Rags opens on Ellis Island as a group of frightened and confused Russian Jewish immigrants is trying to navigate a cold bureaucratic welcome before reconnecting with relatives who are required sponsors for newcomers. Rebecca Hershkowitz and her 10-year-old son seem stranded on the dock, her husband who made the move five years before nowhere in sight. A young woman who befriended Rebecca on board convinces her father to pose as her uncle, offering her and her boy a place to stay until she can locate her husband.
The melting-pot metaphor of America is represented in the music provided by Charles Strouse, whose credits stretch from Bye Bye Birdie to Annie. Old and New World sounds come together, often creating a kind of klezmer ragtime for the more upbeat numbers. There are some typical Broadway-style novelty tunes, but because opera star Teresa Stratas was cast as Rebecca, that character's songs can soar through multiple registers of operatic grandeur. And this production has Kyra Miller as Rebecca, who can take us there vocally, and also deliver the emotional unpinning of this character whose strength and independence grow through a barrage of new experiences, and who believably connects with the talented young Jonah Broscow as her son.

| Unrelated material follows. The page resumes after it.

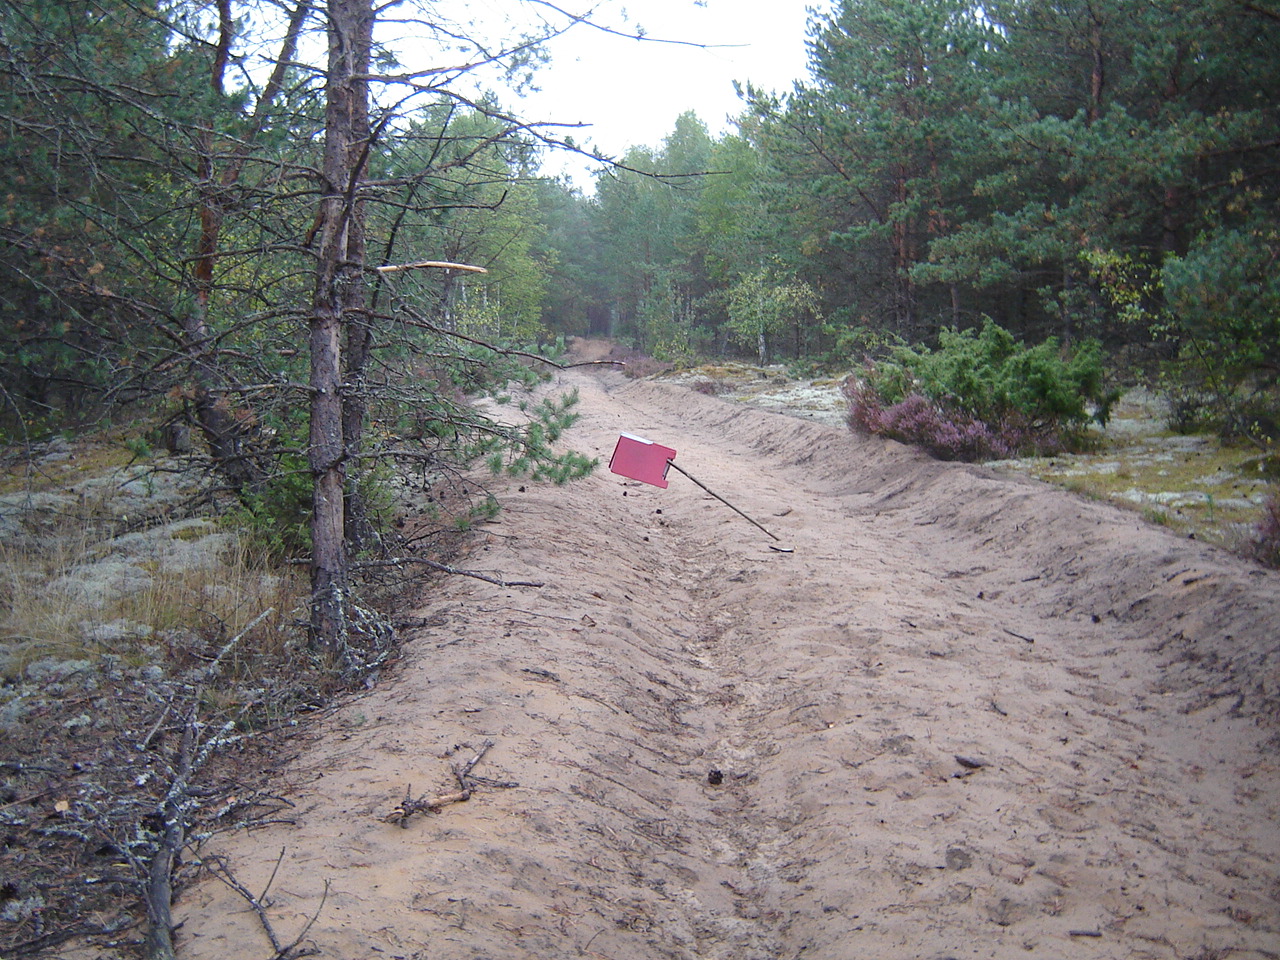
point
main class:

Another major dramatic arc has been built around Bella, the young woman who befriended Rebecca and is struggling to express herself under the roof of her overly protective father (well-played by Donald Corren, who has a perhaps too-cute duet with a widowed pushcart merchant played with wise humor by Darlene Popovic). Julie Benko combines both warmth and subtle signs of incipient rebellion in Bella, and also powerfully delivers the show's bitter title song (lyrics are by Stephen Schwartz).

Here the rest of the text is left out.